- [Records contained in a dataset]
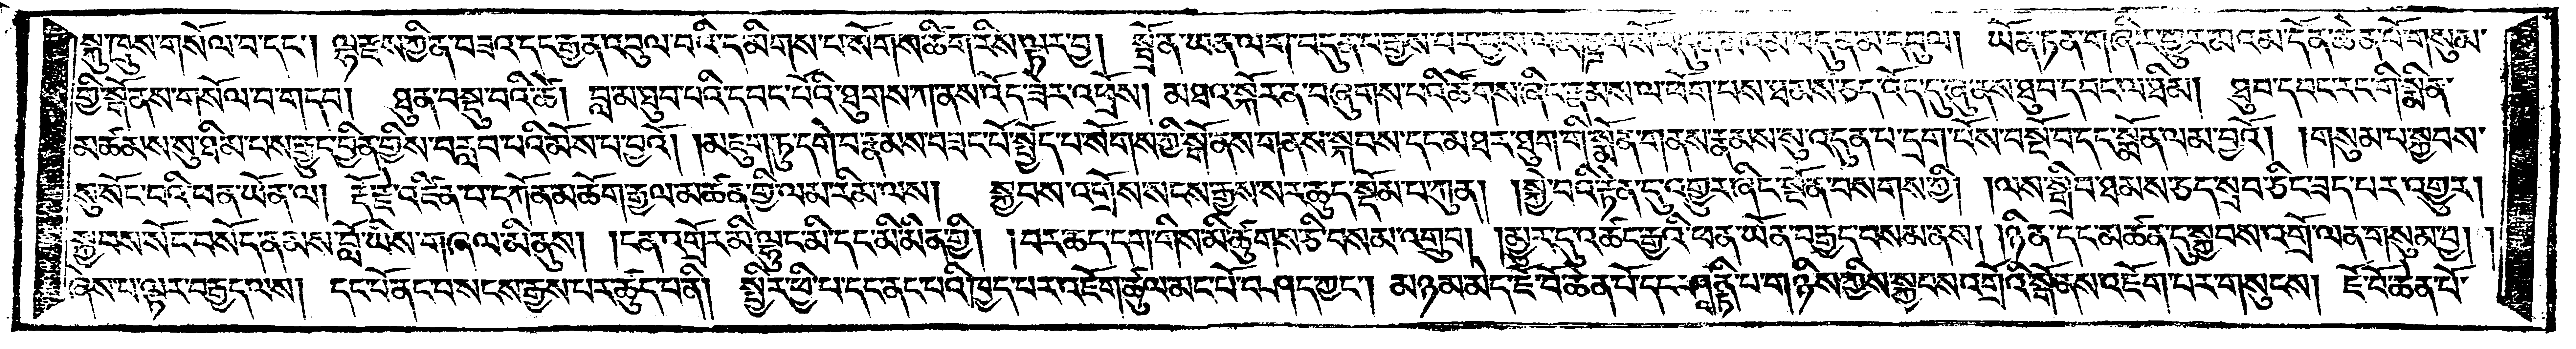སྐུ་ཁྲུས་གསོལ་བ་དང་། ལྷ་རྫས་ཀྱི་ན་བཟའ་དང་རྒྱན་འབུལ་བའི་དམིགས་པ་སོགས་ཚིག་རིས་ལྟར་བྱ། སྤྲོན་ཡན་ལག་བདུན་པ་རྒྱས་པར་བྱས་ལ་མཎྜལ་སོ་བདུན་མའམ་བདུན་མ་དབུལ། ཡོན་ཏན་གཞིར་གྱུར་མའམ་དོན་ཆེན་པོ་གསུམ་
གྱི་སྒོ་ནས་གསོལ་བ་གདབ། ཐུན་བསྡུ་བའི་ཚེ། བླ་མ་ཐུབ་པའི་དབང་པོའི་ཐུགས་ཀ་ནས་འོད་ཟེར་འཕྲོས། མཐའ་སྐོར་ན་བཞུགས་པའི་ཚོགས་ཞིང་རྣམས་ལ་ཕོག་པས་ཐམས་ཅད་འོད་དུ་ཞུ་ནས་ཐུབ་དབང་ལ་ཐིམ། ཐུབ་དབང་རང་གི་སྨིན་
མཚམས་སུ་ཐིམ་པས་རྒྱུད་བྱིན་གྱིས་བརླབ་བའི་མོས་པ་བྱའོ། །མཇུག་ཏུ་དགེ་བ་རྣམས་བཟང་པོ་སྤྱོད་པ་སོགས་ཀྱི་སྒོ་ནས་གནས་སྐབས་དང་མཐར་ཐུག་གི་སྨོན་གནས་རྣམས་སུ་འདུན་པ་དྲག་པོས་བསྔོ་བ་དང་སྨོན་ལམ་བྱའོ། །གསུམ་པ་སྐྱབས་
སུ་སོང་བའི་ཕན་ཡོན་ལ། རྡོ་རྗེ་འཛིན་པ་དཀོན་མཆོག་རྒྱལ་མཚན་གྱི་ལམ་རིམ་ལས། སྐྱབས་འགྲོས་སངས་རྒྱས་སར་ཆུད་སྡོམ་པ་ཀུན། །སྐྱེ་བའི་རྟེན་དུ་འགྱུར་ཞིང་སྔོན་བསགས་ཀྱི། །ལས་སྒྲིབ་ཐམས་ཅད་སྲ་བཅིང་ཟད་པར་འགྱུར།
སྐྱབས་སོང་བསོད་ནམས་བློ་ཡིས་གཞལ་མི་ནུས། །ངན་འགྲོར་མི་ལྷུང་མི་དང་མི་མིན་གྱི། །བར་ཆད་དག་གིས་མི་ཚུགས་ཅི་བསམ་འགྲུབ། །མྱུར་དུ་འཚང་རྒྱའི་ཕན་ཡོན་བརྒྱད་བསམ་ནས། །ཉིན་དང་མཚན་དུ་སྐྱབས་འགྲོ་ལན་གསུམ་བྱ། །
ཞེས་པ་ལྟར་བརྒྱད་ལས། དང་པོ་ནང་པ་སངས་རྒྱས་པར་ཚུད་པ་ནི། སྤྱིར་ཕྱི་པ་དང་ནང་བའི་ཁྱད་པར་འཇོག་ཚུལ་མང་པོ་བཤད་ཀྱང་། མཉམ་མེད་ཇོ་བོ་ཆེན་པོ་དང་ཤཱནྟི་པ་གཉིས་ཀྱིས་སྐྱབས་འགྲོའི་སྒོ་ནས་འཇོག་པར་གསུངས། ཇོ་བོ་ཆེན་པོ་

- [Work to complete] Down to the last line, set down the data above exactly, and omit all images.

- [Exercise solution]
སྐུ་ཁྲུས་གསོལ་བ་དང་། ལྷ་རྫས་ཀྱི་ན་བཟའ་དང་རྒྱན་འབུལ་བའི་དམིགས་པ་སོགས་ཚིག་རིས་ལྟར་བྱ། སྤྲོན་ཡན་ལག་བདུན་པ་རྒྱས་པར་བྱས་ལ་མཎྜལ་སོ་བདུན་མའམ་བདུན་མ་དབུལ། ཡོན་ཏན་གཞིར་གྱུར་མའམ་དོན་ཆེན་པོ་གསུམ་
གྱི་སྒོ་ནས་གསོལ་བ་གདབ། ཐུན་བསྡུ་བའི་ཚེ། བླ་མ་ཐུབ་པའི་དབང་པོའི་ཐུགས་ཀ་ནས་འོད་ཟེར་འཕྲོས། མཐའ་སྐོར་ན་བཞུགས་པའི་ཚོགས་ཞིང་རྣམས་ལ་ཕོག་པས་ཐམས་ཅད་འོད་དུ་ཞུ་ནས་ཐུབ་དབང་ལ་ཐིམ། ཐུབ་དབང་རང་གི་སྨིན་
མཚམས་སུ་ཐིམ་པས་རྒྱུད་བྱིན་གྱིས་བརླབ་བའི་མོས་པ་བྱའོ། །མཇུག་ཏུ་དགེ་བ་རྣམས་བཟང་པོ་སྤྱོད་པ་སོགས་ཀྱི་སྒོ་ནས་གནས་སྐབས་དང་མཐར་ཐུག་གི་སྨོན་གནས་རྣམས་སུ་འདུན་པ་དྲག་པོས་བསྔོ་བ་དང་སྨོན་ལམ་བྱའོ། །གསུམ་པ་སྐྱབས་
སུ་སོང་བའི་ཕན་ཡོན་ལ། རྡོ་རྗེ་འཛིན་པ་དཀོན་མཆོག་རྒྱལ་མཚན་གྱི་ལམ་རིམ་ལས། སྐྱབས་འགྲོས་སངས་རྒྱས་སར་ཆུད་སྡོམ་པ་ཀུན། །སྐྱེ་བའི་རྟེན་དུ་འགྱུར་ཞིང་སྔོན་བསགས་ཀྱི། །ལས་སྒྲིབ་ཐམས་ཅད་སྲ་བཅིང་ཟད་པར་འགྱུར།
སྐྱབས་སོང་བསོད་ནམས་བློ་ཡིས་གཞལ་མི་ནུས། །ངན་འགྲོར་མི་ལྷུང་མི་དང་མི་མིན་གྱི། །བར་ཆད་དག་གིས་མི་ཚུགས་ཅི་བསམ་འགྲུབ། །མྱུར་དུ་འཚང་རྒྱའི་ཕན་ཡོན་བརྒྱད་བསམ་ནས། །ཉིན་དང་མཚན་དུ་སྐྱབས་འགྲོ་ལན་གསུམ་བྱ། །
ཞེས་པ་ལྟར་བརྒྱད་ལས། དང་པོ་ནང་པ་སངས་རྒྱས་པར་ཚུད་པ་ནི། སྤྱིར་ཕྱི་པ་དང་ནང་བའི་ཁྱད་པར་འཇོག་ཚུལ་མང་པོ་བཤད་ཀྱང་། མཉམ་མེད་ཇོ་བོ་ཆེན་པོ་དང་ཤཱནྟི་པ་གཉིས་ཀྱིས་སྐྱབས་འགྲོའི་སྒོ་ནས་འཇོག་པར་གསུངས། ཇོ་བོ་ཆེན་པོ་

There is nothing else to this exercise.